By Taylor Boyd
The most important challenges facing the school system is employee retention and ensuring there is enough funding to go around.
Walter Scott, incumbent Smith River District member of the Patrick County School Board, said he believes one of the challenges can be partially addressed by boosting employee morale.
“Morale is just ways of treating your employees, so they feel like they’re wanted,” he said, adding “and they are wanted and needed.”
Scott, 56, also suggested morale could be improved by implementing pay raises for school employees. In his role as vice-chairman of the board, Scott has supported pay raises for employees every year since ousting an incumbent in a write-in campaign four years ago.
“I’ve always supported fair pay for employees, and we’ve done that by cutting administrators. We’ve cut four or five administrative positions since I’ve been on the board. We’re always looking at ways to cut the way we spend money, so we have more money to spend” where it is needed, he said.
While he believes the school division excels at everything it does, Scott said academics and test scores are particularly impressive.

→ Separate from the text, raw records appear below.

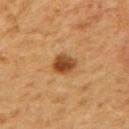<lesion>
  <biopsy_status>not biopsied; imaged during a skin examination</biopsy_status>
  <lesion_size>
    <long_diameter_mm_approx>3.0</long_diameter_mm_approx>
  </lesion_size>
  <patient>
    <sex>male</sex>
    <age_approx>60</age_approx>
  </patient>
  <automated_metrics>
    <area_mm2_approx>6.0</area_mm2_approx>
    <eccentricity>0.55</eccentricity>
    <shape_asymmetry>0.2</shape_asymmetry>
    <vs_skin_darker_L>14.0</vs_skin_darker_L>
    <vs_skin_contrast_norm>10.0</vs_skin_contrast_norm>
    <nevus_likeness_0_100>100</nevus_likeness_0_100>
    <lesion_detection_confidence_0_100>100</lesion_detection_confidence_0_100>
  </automated_metrics>
  <image>
    <source>total-body photography crop</source>
    <field_of_view_mm>15</field_of_view_mm>
  </image>
  <site>mid back</site>
  <lighting>cross-polarized</lighting>
</lesion>
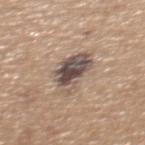notes: imaged on a skin check; not biopsied | illumination: white-light | anatomic site: the upper back | image-analysis metrics: a border-irregularity index near 4/10 and internal color variation of about 8.5 on a 0–10 scale; an automated nevus-likeness rating near 65 out of 100 | patient: male, aged 63–67 | image: 15 mm crop, total-body photography.
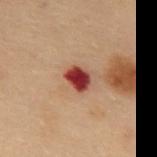Assessment: This lesion was catalogued during total-body skin photography and was not selected for biopsy. Clinical summary: Automated image analysis of the tile measured about 17 CIELAB-L* units darker than the surrounding skin and a normalized border contrast of about 14.5. A 15 mm close-up extracted from a 3D total-body photography capture. Approximately 3 mm at its widest. This is a cross-polarized tile. A male subject roughly 55 years of age. The lesion is located on the abdomen.
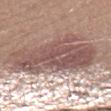Background:
This is a white-light tile. A 15 mm crop from a total-body photograph taken for skin-cancer surveillance. A male subject, aged approximately 30. From the left lower leg. The lesion-visualizer software estimated a lesion–skin lightness drop of about 14 and a normalized border contrast of about 9.5. The software also gave a lesion-detection confidence of about 30/100. Measured at roughly 10 mm in maximum diameter.
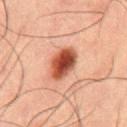The lesion was photographed on a routine skin check and not biopsied; there is no pathology result. Located on the abdomen. A 15 mm close-up tile from a total-body photography series done for melanoma screening. A male subject, about 50 years old. This is a cross-polarized tile.
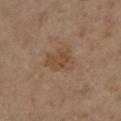Background:
An algorithmic analysis of the crop reported a lesion area of about 8 mm², a shape eccentricity near 0.7, and a shape-asymmetry score of about 0.3 (0 = symmetric). The analysis additionally found a lesion color around L≈46 a*≈17 b*≈30 in CIELAB, roughly 7 lightness units darker than nearby skin, and a normalized lesion–skin contrast near 6. The software also gave a nevus-likeness score of about 5/100. About 4 mm across. A roughly 15 mm field-of-view crop from a total-body skin photograph. A male subject roughly 65 years of age. From the leg.
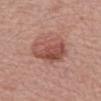The lesion was photographed on a routine skin check and not biopsied; there is no pathology result.
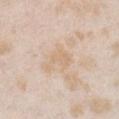notes: total-body-photography surveillance lesion; no biopsy | site: the chest | lesion size: ≈3.5 mm | patient: female, in their mid- to late 20s | image: 15 mm crop, total-body photography.
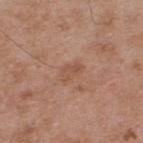  biopsy_status: not biopsied; imaged during a skin examination
  lesion_size:
    long_diameter_mm_approx: 3.0
  patient:
    sex: male
    age_approx: 55
  automated_metrics:
    area_mm2_approx: 4.0
    vs_skin_contrast_norm: 5.0
    border_irregularity_0_10: 3.0
    color_variation_0_10: 2.0
    peripheral_color_asymmetry: 1.0
    nevus_likeness_0_100: 0
  site: upper back
  lighting: white-light
  image:
    source: total-body photography crop
    field_of_view_mm: 15
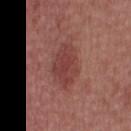Clinical impression:
The lesion was tiled from a total-body skin photograph and was not biopsied.
Context:
The total-body-photography lesion software estimated an outline eccentricity of about 0.8 (0 = round, 1 = elongated) and a shape-asymmetry score of about 0.15 (0 = symmetric). The analysis additionally found a normalized border contrast of about 7. The software also gave a nevus-likeness score of about 45/100. Imaged with white-light lighting. The subject is a male in their 30s. The lesion's longest dimension is about 5.5 mm. A close-up tile cropped from a whole-body skin photograph, about 15 mm across.
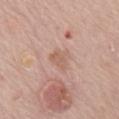This is a white-light tile. The lesion is on the mid back. The lesion's longest dimension is about 2.5 mm. Automated tile analysis of the lesion measured a shape eccentricity near 0.75 and a symmetry-axis asymmetry near 0.3. The analysis additionally found a mean CIELAB color near L≈59 a*≈20 b*≈28, roughly 7 lightness units darker than nearby skin, and a lesion-to-skin contrast of about 5 (normalized; higher = more distinct). And it measured a within-lesion color-variation index near 1.5/10 and radial color variation of about 0.5. A 15 mm close-up extracted from a 3D total-body photography capture. The patient is a female roughly 85 years of age or older.
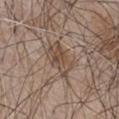This lesion was catalogued during total-body skin photography and was not selected for biopsy. This is a white-light tile. Located on the chest. A male patient approximately 65 years of age. Cropped from a total-body skin-imaging series; the visible field is about 15 mm.
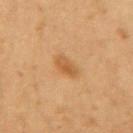workup: imaged on a skin check; not biopsied
patient: female, aged around 20
location: the left forearm
acquisition: total-body-photography crop, ~15 mm field of view
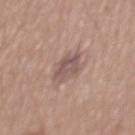Q: What is the lesion's diameter?
A: ~3.5 mm (longest diameter)
Q: Illumination type?
A: white-light
Q: What is the anatomic site?
A: the mid back
Q: Automated lesion metrics?
A: an average lesion color of about L≈53 a*≈17 b*≈21 (CIELAB), roughly 9 lightness units darker than nearby skin, and a lesion-to-skin contrast of about 7 (normalized; higher = more distinct)
Q: How was this image acquired?
A: 15 mm crop, total-body photography
Q: Who is the patient?
A: male, aged 63–67
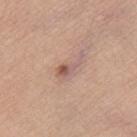Image and clinical context:
The tile uses white-light illumination. Located on the leg. A female patient aged 58 to 62. A 15 mm crop from a total-body photograph taken for skin-cancer surveillance.
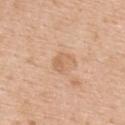Impression: This lesion was catalogued during total-body skin photography and was not selected for biopsy. Context: About 2.5 mm across. The patient is a female aged 63 to 67. A 15 mm close-up extracted from a 3D total-body photography capture. An algorithmic analysis of the crop reported an area of roughly 4.5 mm², an eccentricity of roughly 0.35, and two-axis asymmetry of about 0.35. And it measured an average lesion color of about L≈64 a*≈20 b*≈35 (CIELAB) and a lesion–skin lightness drop of about 7. The analysis additionally found a nevus-likeness score of about 0/100 and lesion-presence confidence of about 100/100. On the back.
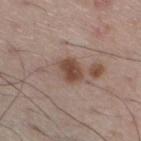  biopsy_status: not biopsied; imaged during a skin examination
  lighting: white-light
  lesion_size:
    long_diameter_mm_approx: 3.0
  site: left lower leg
  image:
    source: total-body photography crop
    field_of_view_mm: 15
  patient:
    sex: male
    age_approx: 60
  automated_metrics:
    border_irregularity_0_10: 2.0
    color_variation_0_10: 2.5
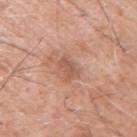Recorded during total-body skin imaging; not selected for excision or biopsy. The lesion is located on the right upper arm. The subject is a male approximately 60 years of age. A close-up tile cropped from a whole-body skin photograph, about 15 mm across.
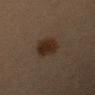Context:
Cropped from a total-body skin-imaging series; the visible field is about 15 mm. The patient is a female roughly 40 years of age. Measured at roughly 4.5 mm in maximum diameter. Automated image analysis of the tile measured an automated nevus-likeness rating near 100 out of 100. The lesion is located on the left upper arm.
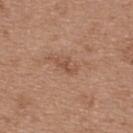This lesion was catalogued during total-body skin photography and was not selected for biopsy. Longest diameter approximately 3 mm. On the back. The patient is a female aged 38–42. This image is a 15 mm lesion crop taken from a total-body photograph. The lesion-visualizer software estimated a lesion area of about 3 mm², a shape eccentricity near 0.85, and a shape-asymmetry score of about 0.45 (0 = symmetric). It also reported an average lesion color of about L≈51 a*≈21 b*≈30 (CIELAB) and a lesion-to-skin contrast of about 5.5 (normalized; higher = more distinct). The analysis additionally found a border-irregularity index near 5.5/10, a color-variation rating of about 0/10, and radial color variation of about 0. The analysis additionally found a classifier nevus-likeness of about 0/100 and a lesion-detection confidence of about 100/100. Captured under white-light illumination.
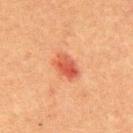The lesion was photographed on a routine skin check and not biopsied; there is no pathology result.
On the mid back.
A male subject about 40 years old.
A 15 mm close-up extracted from a 3D total-body photography capture.
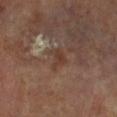Q: Was a biopsy performed?
A: catalogued during a skin exam; not biopsied
Q: What are the patient's age and sex?
A: female, about 75 years old
Q: How was the tile lit?
A: cross-polarized illumination
Q: What kind of image is this?
A: ~15 mm crop, total-body skin-cancer survey
Q: What is the anatomic site?
A: the left lower leg
Q: Lesion size?
A: ~3 mm (longest diameter)
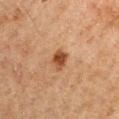workup — catalogued during a skin exam; not biopsied | image — 15 mm crop, total-body photography | body site — the arm | size — ≈2.5 mm | automated lesion analysis — a mean CIELAB color near L≈37 a*≈20 b*≈30, roughly 11 lightness units darker than nearby skin, and a normalized lesion–skin contrast near 9.5; a border-irregularity index near 2.5/10 and internal color variation of about 3 on a 0–10 scale; a nevus-likeness score of about 95/100 and lesion-presence confidence of about 100/100 | illumination — cross-polarized illumination | patient — male, aged 48 to 52.

“I’ve never been a ‘test scores guy,’ but if you look at our test scores that came out a couple of weeks ago, we’re well above state average. That speaks a lot for the school system and all the employees there that make it happen,” he said.
Ensuring that trend continues is another of his primary goals, as is making sure students are highly educated and prepared for the working world or to pursue higher education when they graduate from Patrick County High School.
The division out-performs many in the state, but Scott said he thinks it lacks proper recognition from the Patrick County Board of Supervisors.
“I’m probably wrong by saying this, but sometimes I feel that the board of supervisors look at the school system as a burden, not a positive thing for the county,” he said.
If reelected, Scott said he intends to keep working to ensure students are among the top performers in Virginia and supporting parental involvement in the decision-making process.
When he initially joined the board, residents who wanted to speak during the public comment portion of school board meetings were required to register and state their subject matter.
“We’ve got rid of that stuff. Anybody can come to the meeting now without signing up. All you have to do is say what you want to say,” he said. “We’re making it as easy as we possibly can for people to voice their opinions” and have an input.
Scott added that involvement is important to the school board and in each community school.
“There’s a lot of parents involved at the school level,” he said, citing one example as the “volunteer coaches and volunteers all over the school” at Woolwine Elementary School.
Scott, who was among those volunteers, said he knows firsthand that parents are welcome in their child’s schools. He coached basketball for four years at Woolwine Elementary School when his children attended, and coached T-ball for a couple of years.
In addition, Scott serves as a Scout Master for a local Boy Scouts of America Troop. He also coached basketball at Woolwine Elementary School and served on the board at Woolwine Volunteer Fire Department.
“I’ve served the community in many ways for the last 25 years or more. Not just because I’m running for election, I have always done that,” he said.
During his tenure on the board, he has held fast to his commitment of being open and transparent with parents and concerned residents.
“I’ve always made myself very open and easy to get ahold of to the public,” Scott said, adding that both his home and cell phone numbers are listed on school division’s website.
“Anyone who wants to talk to me, they always can. There is not a phone call that I do not take. Just because I’m in the Smith River District, doesn’t mean that I am not willing to work through an issue in another district. That’s something I think is very important for all school board members,” he said.
As a business owner for the past 30 years, Scott said he knows how to create something from nothing. “A lot of times that’s where we are in the school – taking nothing and trying make something out of it,” he said.
Among his greatest accomplishments was the passage of a referendum on the sales and use tax. Revenues generated by the tax are earmarked for school projects.
“It’s not really gotten developed completely yet, but when this thing gets fully developed and money starts rolling in, it’s going to be a lifesaver for our schools. It’s going to make sure the schools will not close and that we can afford to rebuild them as we go,” he said.
Scott said other major accomplishments include limiting the daily stipend day for meals for school board members and employees when they are traveling and having a Schools Superintendent that lives in the county.
He does not support Critical Race Theory (CRT) being taught in classrooms or mandatory vaccinations for students and school employees.
Scott currently works for the Maintenance Department of Patrick County. In addition to serving on the Patrick County School Board he also serves as a Scout Master for the Boy Scouts of America and on the Woolwine Fire Department Board. Scott also manages a rental business of around 50 properties and works as a farmer with around 20 head of cattle.
“I may not have the most degrees when it comes to education on paper, however I can always look at things in a good, commonsense way, and I think that’s something we need on the board,” he said, adding that he also offers honesty, truthfulness, and good, sound judgement cultivated over the years as a county resident.
Scott attended Woolwine Elementary School and Patrick County High School. His wife, Derina, works for the Patrick County School system in the guidance department. The Scotts have two children: sons Hylton, 23, who works at Appalachian Power Company; and Robert, 19, a freshman at Embry-Riddle Aeronautical University in Daytona, FL.
In his spare time, Scott enjoys fishing, hunting, sight-seeing, traveling, and is interested in making a fair, honest living.